Various RSS wings began carrying out “operations” in a bid to fuel hate against the Muslims in the hinterland and polarise Hindus. Union ministers like Giriraj Singh and Ashwini Choubey repeatedly spat venom against minorities and issued calls of “Pakistan jaao” to petrified Muslims. Saffron elements, through their ‘social programmes’, tried to inject poison into Bihar’s hinterlands which also witnessed instances of communal clashes.
But Nitish may have the upper hand now. It’s time for the Union home minister, Amit Shah to ditch his aggression and take a leaf out of Arun Jaitely’s book that worked in Bihar in 2005. It remains to be seen how Amit Shah will adapt to the new situation in Bihar.

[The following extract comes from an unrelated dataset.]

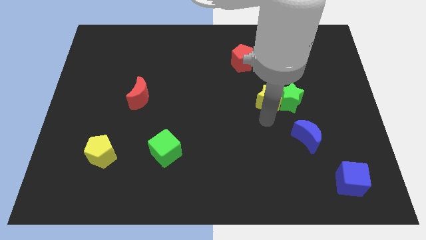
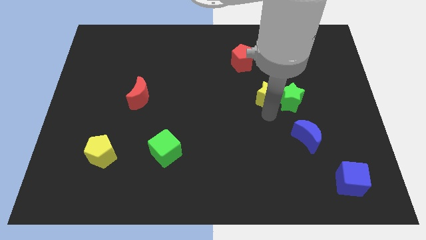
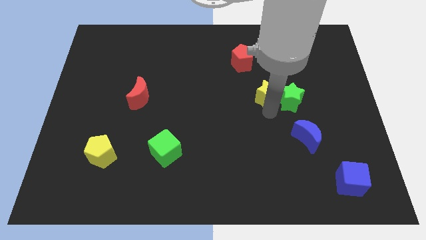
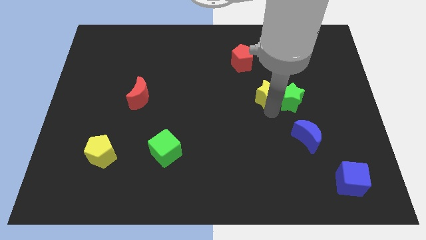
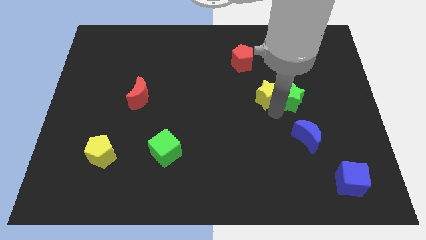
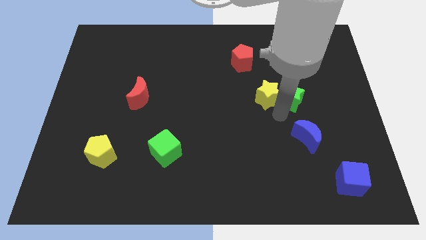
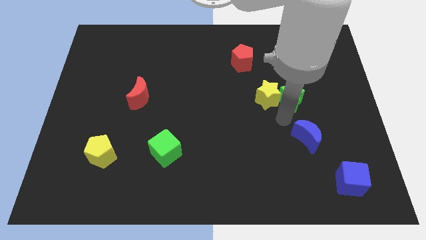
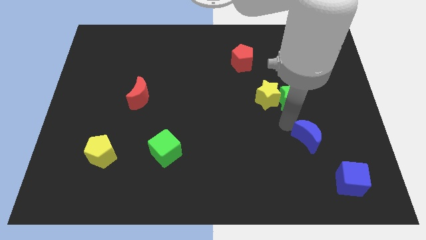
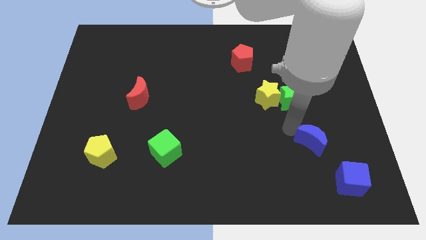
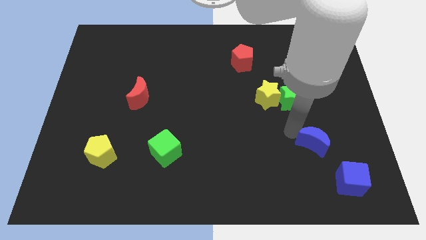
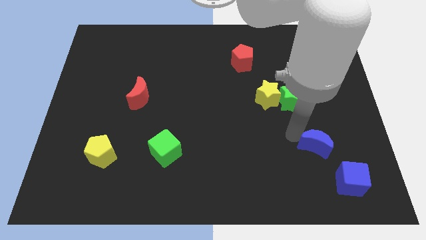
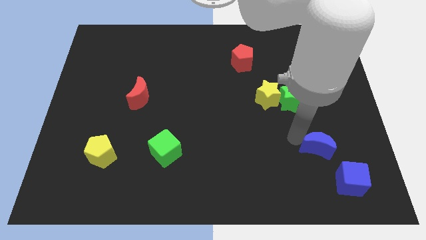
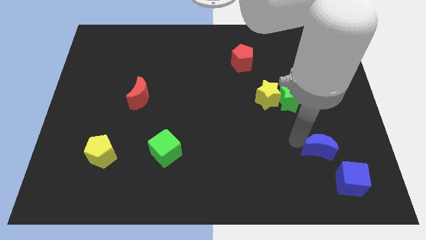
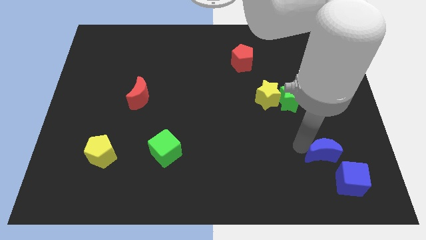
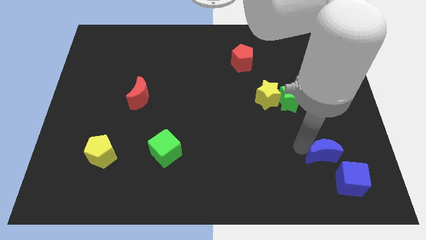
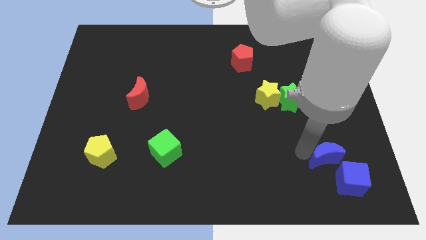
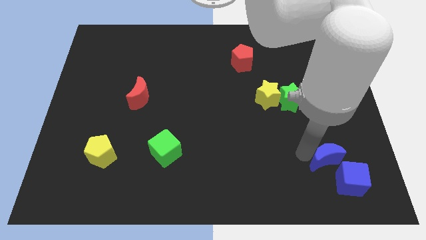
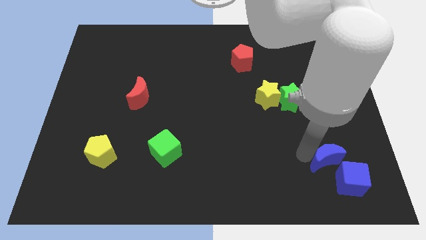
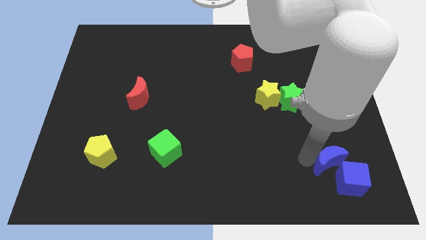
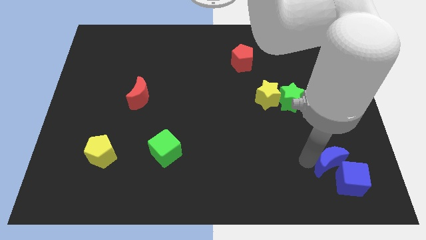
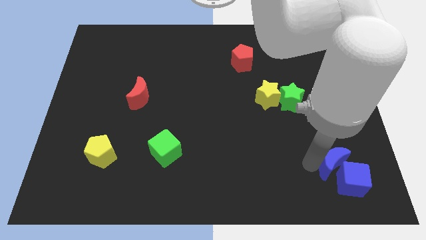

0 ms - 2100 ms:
slide the blue crescent into the blue cube

The BJP on account of dilly-dallying on the issue of reservation is, apparently, losing the trust and support of Dalits and OBCs. There is youth unrest all around including in the state of Bihar after the Modi government failed to fulfil its promise of jobs and employment and began substituting it with emotive issues.

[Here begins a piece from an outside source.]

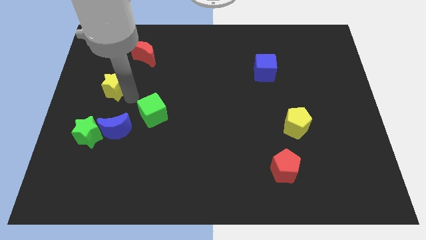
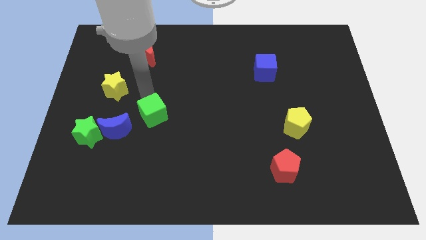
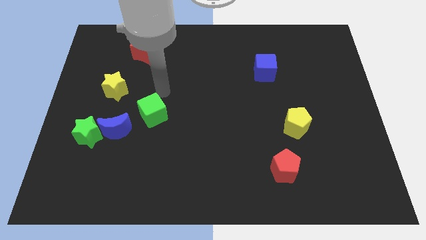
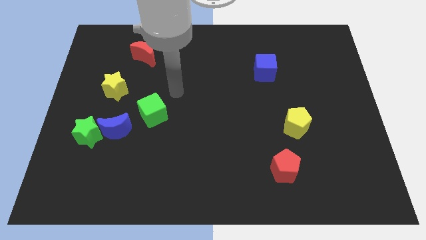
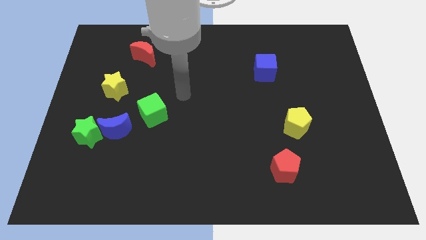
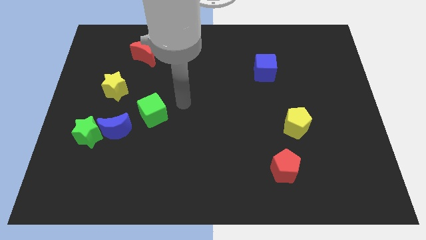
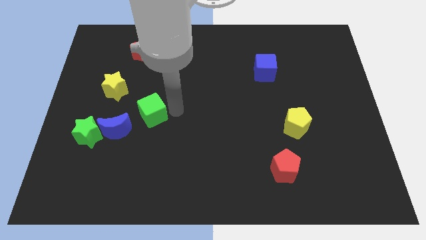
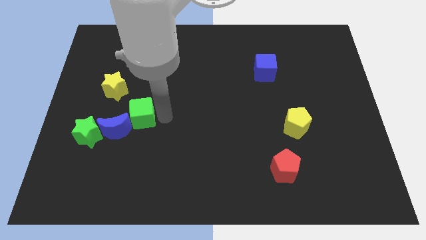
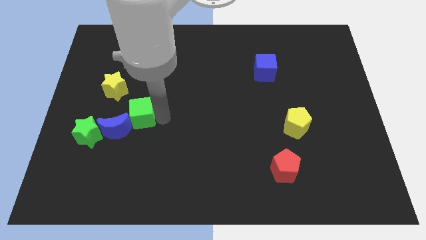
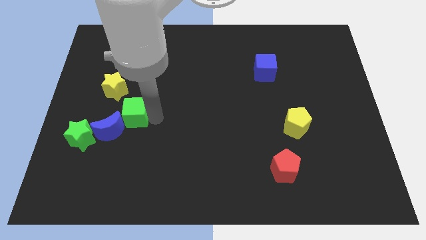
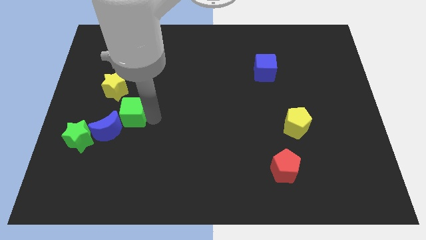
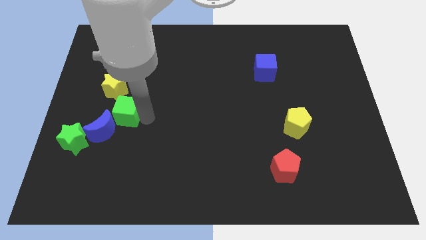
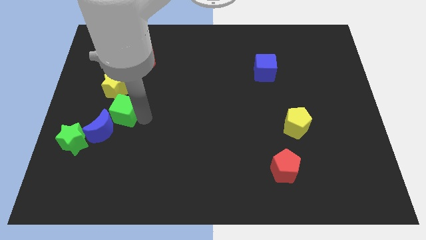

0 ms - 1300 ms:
place the green cube to the top right side of the blue moon

In contrast, Nitish has still retained his image as that of a performing chief minister. After all, reasonably better roads, the improved condition of hospitals in the state, better electric power and water supply, toilets in rural homes coupled with a sharp decline in the student dropout rate in schools and an effective grievance redressal system that has won a national award will all work to Nitish Kumar’s advantage. Moreover, the added benefit of TINA (There Is No Alternative) will also bolster his support.
Despite his long stint in jail, Lalu Prasad and his RJD also continue to be a strong political force at the ground level. With the Yadavs and Muslims, who constitute nearly 30% of the state’s voters, still behind RJD, Lalu has a very effective social capital but his successor, Tejashwi Yadav, despite showing an initial spark, has a long way to go before he can match Nitish’s administrative acumen and experience.
A sharp learner in the maze of intricate politics, Nitish will, probably, review his party’s decision to contest elections in Delhi in an alliance with the BJP. His decision fuelled infighting within the party and lead to the expulsion of the party’s intellectual face and author, Pavan Varma and election strategist, Prashant Kishor.
Nitish will want to think twice before taking his alliance with the BJP beyond Bihar from now on.
Nalin Verma is a senior journalist and co-author of the book Gopalganj to Raisina: My Political Journey, Lalu Prasad’s autobiography.